§ **DATASET EXTRACT**

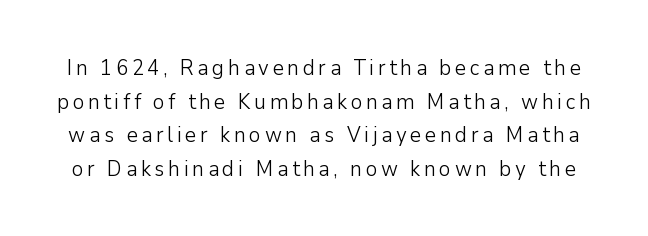
Leading matches the norm, producing a regular column. No letter is thick-stroked: the sample isn't bold. The specimen omits any rule beneath the text block's lines. A typesetter would mark this as roman, not italic.
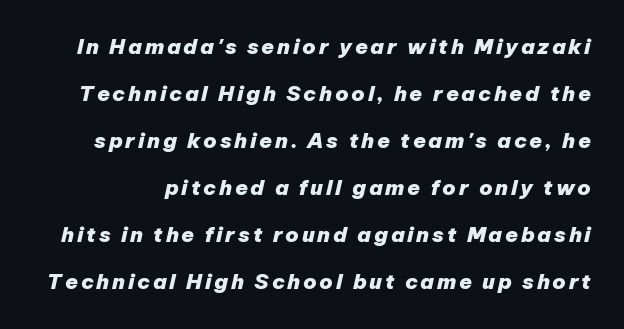
Look at the stroke-to-counter ratio: heavy, a bold. Italic: yes, the glyphs are oblique. Words float on clear page, feet unadorned. Leading: increased.
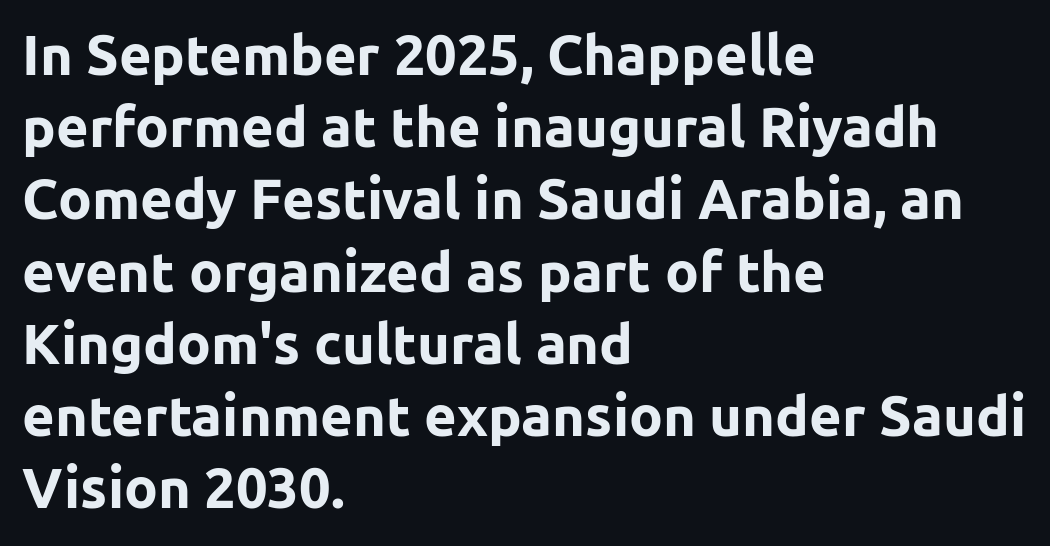
The horizontal fit of the characters is conventional and even. Regarding leading, the lines here are spaced in the standard way. The rendering uses natural spacing where letterforms have individual widths. Every character sits straight up, as roman type does. Type style note: lacks serifs.
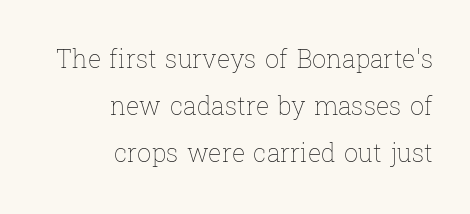
Q: Is the text bold? A: No.
Q: Is the text italic (slanted)? A: No, it is upright.
Q: Is the text underlined? A: No.
Q: How is the paragraph aligned? A: Right-aligned.
Q: Is the spacing between letters normal or unusually wide? A: Normal.
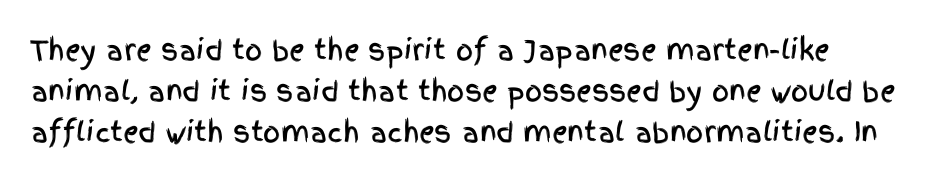
{"italic": "no", "underline": "no", "line_spacing": "normal", "line_spacing_ratio": 1.52, "letter_spacing": "normal", "letter_spacing_em": 0.0, "glyph_px": 27}
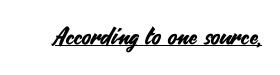
Default kerning and tracking; the words read as compact shapes. The glyphs are accompanied by a horizontal stroke just below them.
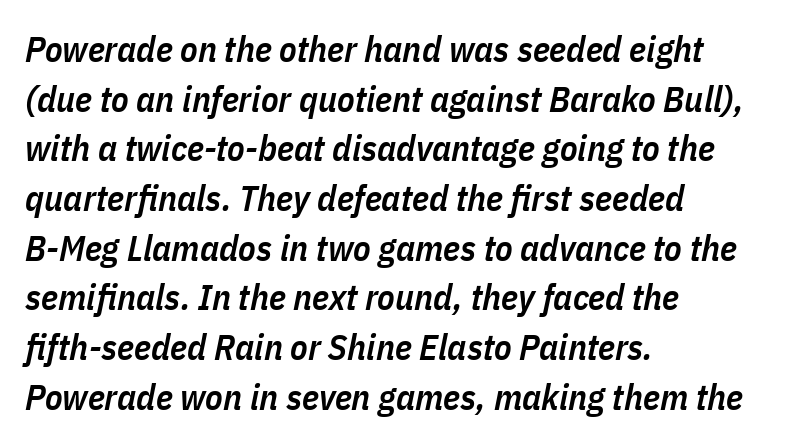
The image shows 36 px semibold, condensed type, italic (leaning right); set left-aligned, normal line spacing (1.38x), normal letter spacing, not underlined; low stroke contrast and a medium x-height.
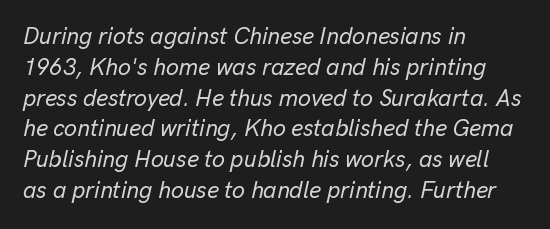
Q: Is the text italic (slanted)? A: Yes, it leans right by about 13 degrees.
Q: Is the text underlined? A: No.
Q: How is the paragraph aligned? A: Left-aligned.
Q: Is the spacing between letters normal or unusually wide? A: Normal.
Q: Is the spacing between lines tight, normal or loose? A: Normal.
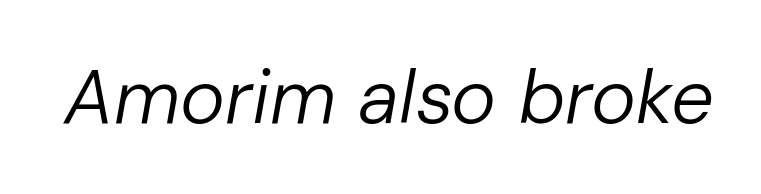
Q: Is the text bold? A: No.
Q: Is the text italic (slanted)? A: Yes, it leans right by about 10 degrees.
Q: Is the text underlined? A: No.
Q: Is the spacing between letters normal or unusually wide? A: Normal.
Q: Width (condensed, normal, or wide)? A: Normal.
Q: Stroke contrast? A: Low.
Q: x-height? A: Medium.
Q: Monospaced? A: No.
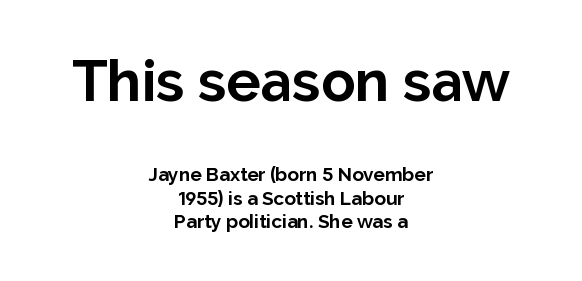
{"serif": "no", "italic": "no", "bold": "yes", "weight": "bold", "width": "normal", "stroke_contrast": "low", "x_height": "medium", "monospaced": "no", "underline": "no", "align": "center", "line_spacing_ratio": 1.24, "letter_spacing": "normal", "letter_spacing_em": 0.0, "larger_block": "first", "size_ratio": 3.0, "glyph_px": 57}
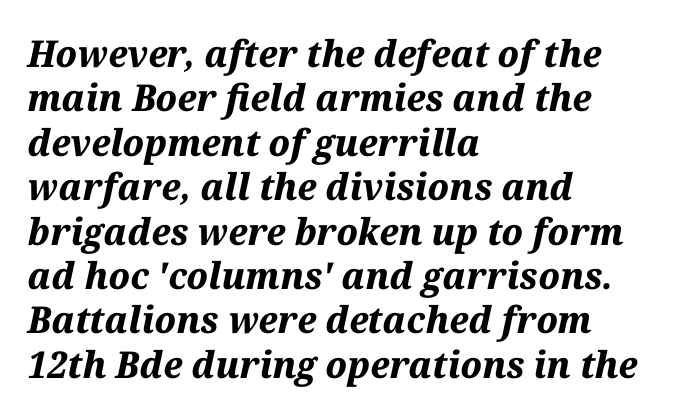
Chunky letters — that's bold for sure. The specimen reads as italic at a glance. The rendering uses natural spacing where letterforms have individual widths. No extra tracking has been applied to these lines. The lines in this sample share a left origin and differ only in where they stop.
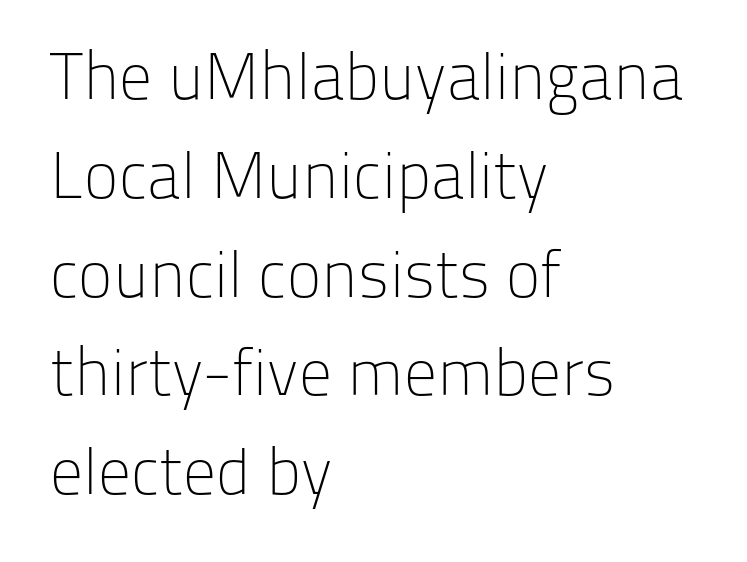
The line texture is even and compact thanks to regular tracking. You can tell it's not italic because the verticals are truly vertical. Has an underline been added? It has not. Do the characters align in a grid? No, the font is proportional.
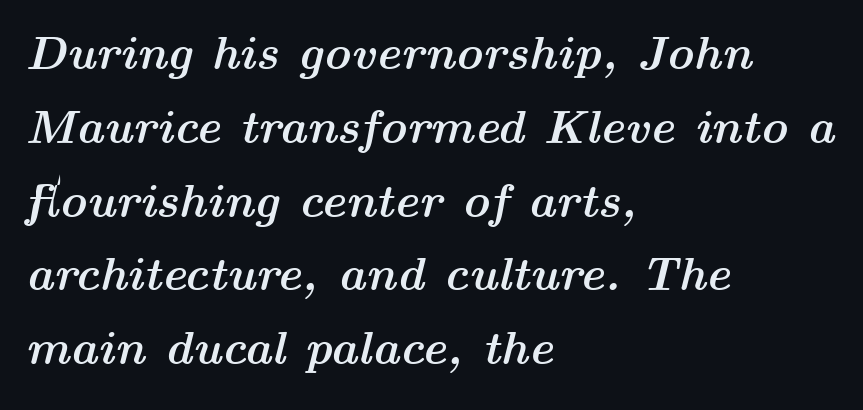
The image shows 47 px semibold, wide type, italic (leaning right); set left-aligned, normal line spacing (1.57x), normal letter spacing, not underlined; medium stroke contrast and a medium x-height.
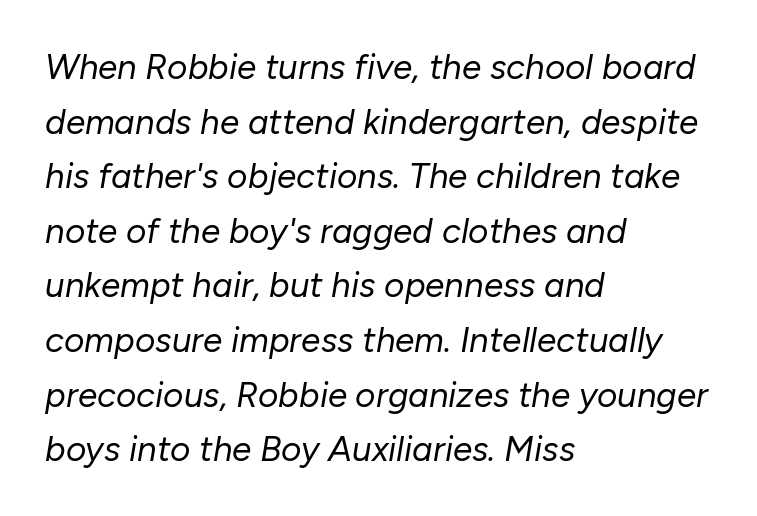
Q: Is the text bold? A: No.
Q: Is the text italic (slanted)? A: Yes, it leans right by about 10 degrees.
Q: Is the text underlined? A: No.
Q: How is the paragraph aligned? A: Left-aligned.
Q: Is the spacing between letters normal or unusually wide? A: Normal.
Q: Is the spacing between lines tight, normal or loose? A: Normal.
Q: Width (condensed, normal, or wide)? A: Normal.
Q: Stroke contrast? A: Low.
Q: x-height? A: Medium.
Q: Monospaced? A: No.
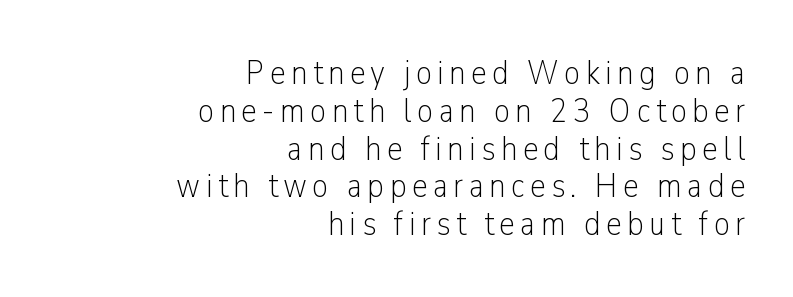
The image shows 35 px light, condensed sans-serif type, upright; set right-aligned, tight line spacing (1.08x), not underlined; low stroke contrast and a medium x-height.
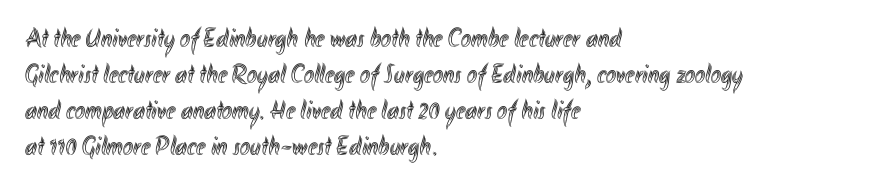
{"underline": "no", "align": "left", "line_spacing": "normal", "line_spacing_ratio": 1.33, "letter_spacing": "normal", "letter_spacing_em": 0.0, "glyph_px": 27}
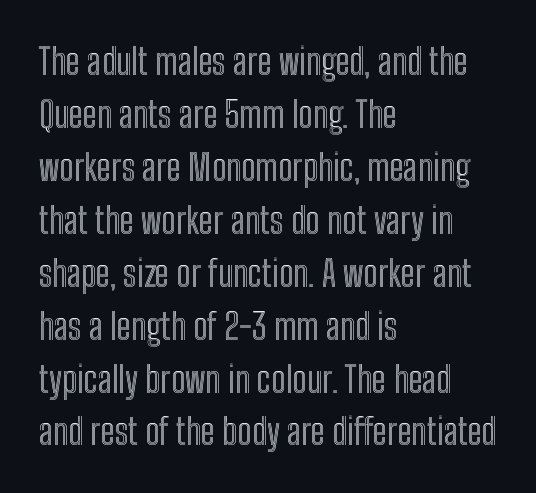
Q: Is the text italic (slanted)? A: No, it is upright.
Q: Is the text underlined? A: No.
Q: How is the paragraph aligned? A: Left-aligned.
Q: Is the spacing between letters normal or unusually wide? A: Normal.
Q: Is the spacing between lines tight, normal or loose? A: Normal.
Q: Width (condensed, normal, or wide)? A: Condensed.
Q: x-height? A: Medium.
Q: Monospaced? A: No.
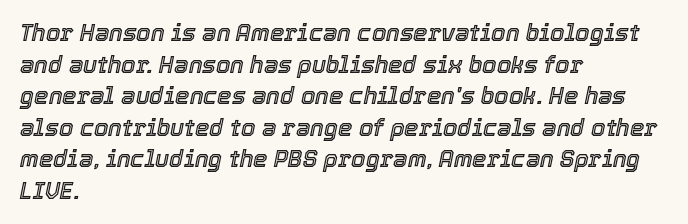
These lines keep a tight, regular rhythm from letter to letter. The lines are quadded left. Clear beneath every line of the passage. A typesetter would call this leading conventional body-copy spacing.

§ **TASK ITEM**
Transcribe the listing above in full and exactly; no pictures belong in the copy.

§ **RESPONSE TO THE TASK**
Leading matches the norm, producing a regular column. No letter is thick-stroked: the sample isn't bold. The specimen omits any rule beneath the text block's lines. A typesetter would mark this as roman, not italic.
Look at the stroke-to-counter ratio: heavy, a bold. Italic: yes, the glyphs are oblique. Words float on clear page, feet unadorned. Leading: increased.
The horizontal fit of the characters is conventional and even. Regarding leading, the lines here are spaced in the standard way. The rendering uses natural spacing where letterforms have individual widths. Every character sits straight up, as roman type does. Type style note: lacks serifs.
Q: Is the text bold? A: No.
Q: Is the text italic (slanted)? A: No, it is upright.
Q: Is the text underlined? A: No.
Q: How is the paragraph aligned? A: Right-aligned.
Q: Is the spacing between letters normal or unusually wide? A: Normal.
{"italic": "no", "underline": "no", "line_spacing": "normal", "line_spacing_ratio": 1.52, "letter_spacing": "normal", "letter_spacing_em": 0.0, "glyph_px": 27}
Default kerning and tracking; the words read as compact shapes. The glyphs are accompanied by a horizontal stroke just below them.
The image shows 36 px semibold, condensed type, italic (leaning right); set left-aligned, normal line spacing (1.38x), normal letter spacing, not underlined; low stroke contrast and a medium x-height.
Q: Is the text italic (slanted)? A: Yes, it leans right by about 13 degrees.
Q: Is the text underlined? A: No.
Q: How is the paragraph aligned? A: Left-aligned.
Q: Is the spacing between letters normal or unusually wide? A: Normal.
Q: Is the spacing between lines tight, normal or loose? A: Normal.
Q: Is the text bold? A: No.
Q: Is the text italic (slanted)? A: Yes, it leans right by about 10 degrees.
Q: Is the text underlined? A: No.
Q: Is the spacing between letters normal or unusually wide? A: Normal.
Q: Width (condensed, normal, or wide)? A: Normal.
Q: Stroke contrast? A: Low.
Q: x-height? A: Medium.
Q: Monospaced? A: No.
{"serif": "no", "italic": "no", "bold": "yes", "weight": "bold", "width": "normal", "stroke_contrast": "low", "x_height": "medium", "monospaced": "no", "underline": "no", "align": "center", "line_spacing_ratio": 1.24, "letter_spacing": "normal", "letter_spacing_em": 0.0, "larger_block": "first", "size_ratio": 3.0, "glyph_px": 57}
Chunky letters — that's bold for sure. The specimen reads as italic at a glance. The rendering uses natural spacing where letterforms have individual widths. No extra tracking has been applied to these lines. The lines in this sample share a left origin and differ only in where they stop.
The line texture is even and compact thanks to regular tracking. You can tell it's not italic because the verticals are truly vertical. Has an underline been added? It has not. Do the characters align in a grid? No, the font is proportional.
The image shows 47 px semibold, wide type, italic (leaning right); set left-aligned, normal line spacing (1.57x), normal letter spacing, not underlined; medium stroke contrast and a medium x-height.
Q: Is the text bold? A: No.
Q: Is the text italic (slanted)? A: Yes, it leans right by about 10 degrees.
Q: Is the text underlined? A: No.
Q: How is the paragraph aligned? A: Left-aligned.
Q: Is the spacing between letters normal or unusually wide? A: Normal.
Q: Is the spacing between lines tight, normal or loose? A: Normal.
Q: Width (condensed, normal, or wide)? A: Normal.
Q: Stroke contrast? A: Low.
Q: x-height? A: Medium.
Q: Monospaced? A: No.
The image shows 35 px light, condensed sans-serif type, upright; set right-aligned, tight line spacing (1.08x), not underlined; low stroke contrast and a medium x-height.
{"underline": "no", "align": "left", "line_spacing": "normal", "line_spacing_ratio": 1.33, "letter_spacing": "normal", "letter_spacing_em": 0.0, "glyph_px": 27}
Q: Is the text italic (slanted)? A: No, it is upright.
Q: Is the text underlined? A: No.
Q: How is the paragraph aligned? A: Left-aligned.
Q: Is the spacing between letters normal or unusually wide? A: Normal.
Q: Is the spacing between lines tight, normal or loose? A: Normal.
Q: Width (condensed, normal, or wide)? A: Condensed.
Q: x-height? A: Medium.
Q: Monospaced? A: No.
These lines keep a tight, regular rhythm from letter to letter. The lines are quadded left. Clear beneath every line of the passage. A typesetter would call this leading conventional body-copy spacing.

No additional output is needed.